In fact, in the NIH ACCESS study there were no documented cases of spontaneous remission. Even in the positive-sounding “improved” category for clinical markers, the percentages described were at best “improved”, not “substantially better” and certainly not “cured.” An indication of lack of substantial improvement in the improved group is the fact that there were essentially no change in use of corticosteroid therapy during the two year period. The study also concluded that most patients with persistent sarcoidosis at two years were “unlikely to have resolution of the illness” and that “end-stage pulmonary sarcoidosis usually develops over one or two decades.”
In simple terms, the study found that not one patient recovered over a two year period, and that any patient to remain ill with sarcoidosis for two years is likely to die from the disease over the following ten to twenty years.
It has also been argued that there is a gap between how patients themselves and members of the medical community perceive success and improvement, as well as their concept of cure. The medical community has a tendency to be satisfied by results that show a patient has stabilized thanks to a particular medication, without taking into account systemic effects of disease, such as fatigue and pain, which are often excluded as endpoints.
A 2005 article on gene therapy described patients who had undergone treatment as “basically cured” – even though three had developed leukemia and one died.
The above example is a misuse of the word “cure.” For one thing, an actual cure results from a treatment that allows all participants to become well, no side effects or long-term harm included. Did the above study check in with its subjects a decade down the road in order to access their health years later? Probably not. But if they did, the subjects were probably symptomatic again, as gene therapy has not yet been adopted as an effective way to treat disease.

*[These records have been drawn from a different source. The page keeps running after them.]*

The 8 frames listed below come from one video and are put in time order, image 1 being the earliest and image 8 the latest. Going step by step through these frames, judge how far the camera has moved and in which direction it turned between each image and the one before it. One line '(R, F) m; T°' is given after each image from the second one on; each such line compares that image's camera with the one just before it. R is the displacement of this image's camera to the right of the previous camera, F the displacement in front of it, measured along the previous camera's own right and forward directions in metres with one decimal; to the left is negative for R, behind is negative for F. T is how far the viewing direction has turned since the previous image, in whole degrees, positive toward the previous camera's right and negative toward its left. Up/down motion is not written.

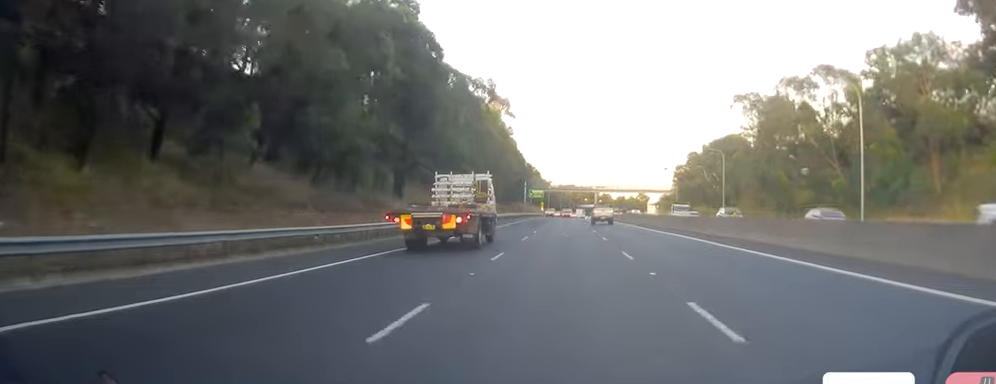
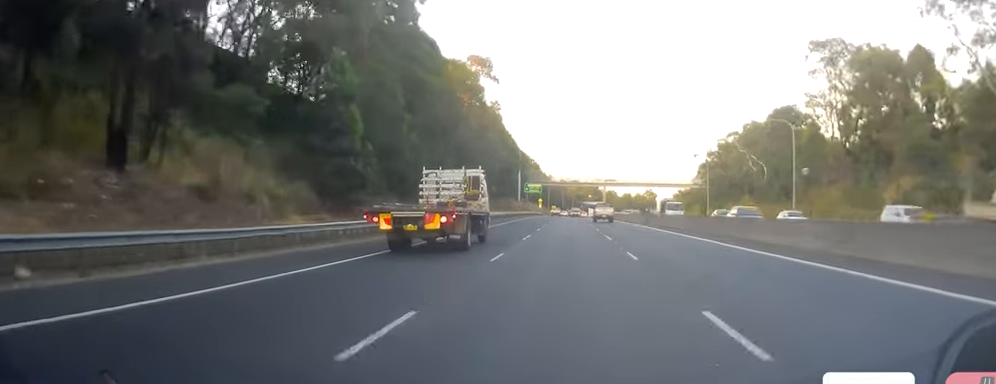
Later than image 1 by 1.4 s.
(0.0, +36.6) m; 0°
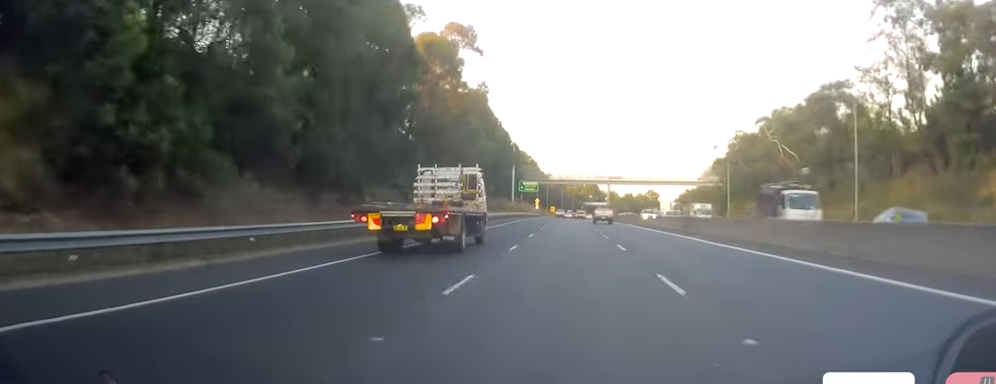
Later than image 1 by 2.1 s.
(0.0, +18.7) m; 0°
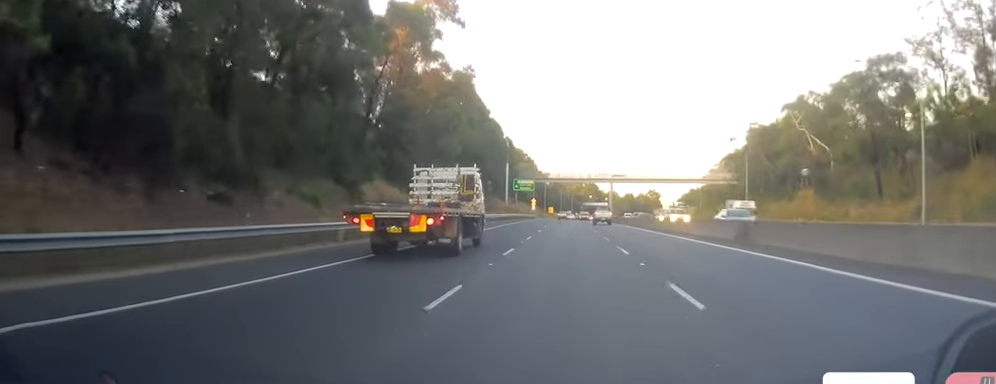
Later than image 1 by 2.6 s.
(0.0, +13.4) m; 0°
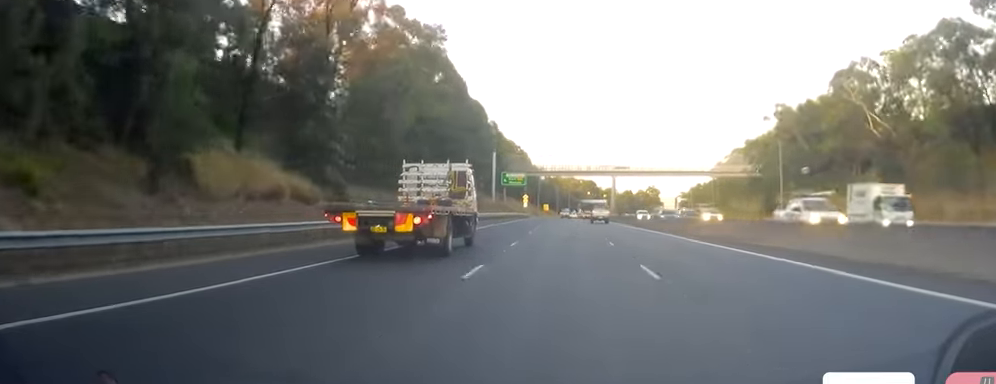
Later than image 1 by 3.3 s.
(-0.1, +19.5) m; 0°
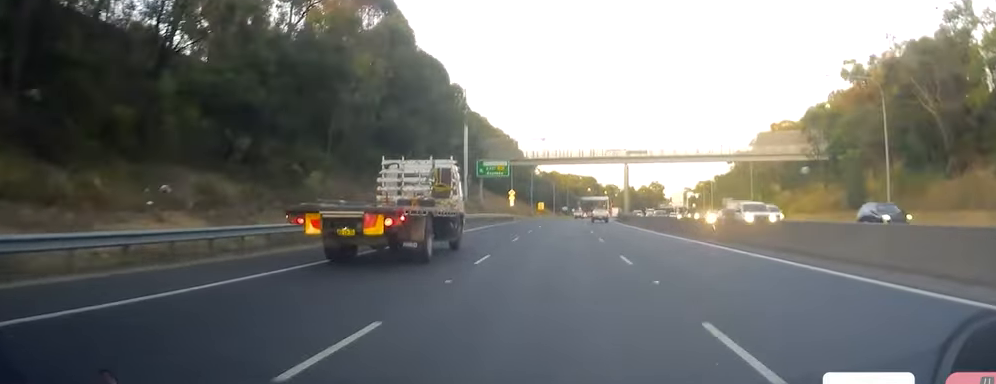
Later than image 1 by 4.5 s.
(0.0, +32.1) m; -1°
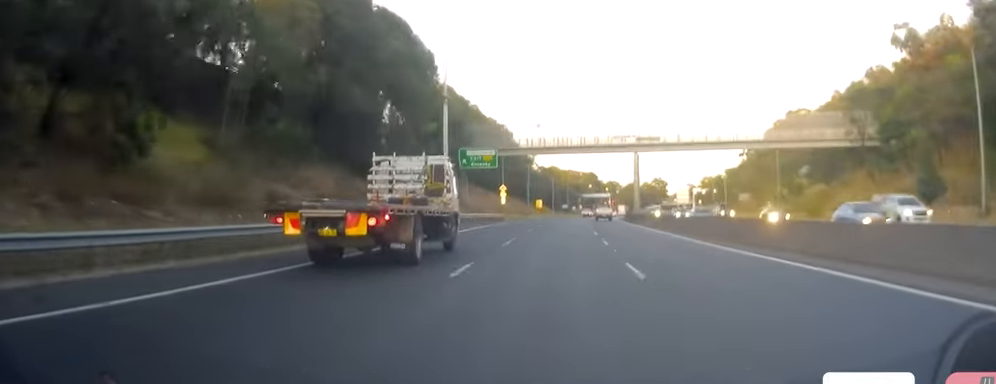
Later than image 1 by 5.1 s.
(-0.3, +15.1) m; 0°
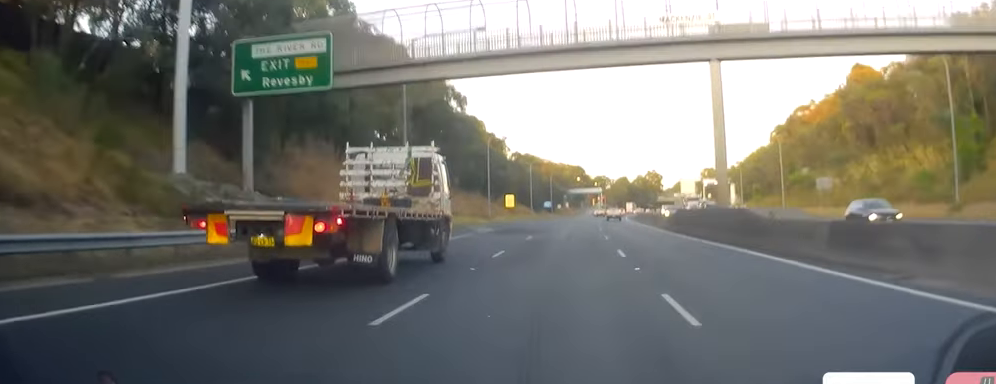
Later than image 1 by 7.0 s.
(+0.9, +52.9) m; +2°

The public often isn’t satisfied with the medical community’s perception of a “cure,” which is why so many patients have left mainstream medicine – searching for solutions among doctors that practice alternative medicine or even among psychotherapists.
Unfortunately, for chronically ill patients, commercial culture and the media have combined to progressively define down what “better” means—so much so that assessing the significance of any new “breakthrough” becomes difficult, at best.
The MP is different. It is an attempt to address the underlying cause of Th1 disease – the bacteria causing symptoms in the first place. And unless these bacteria are targeted and killed, Th1 diseases do not go away. Indeed, if they went away on their own, why would there be hundreds of forums on the Internet where people with chronic disease discuss what it’s like to live a life full of relapses and pain?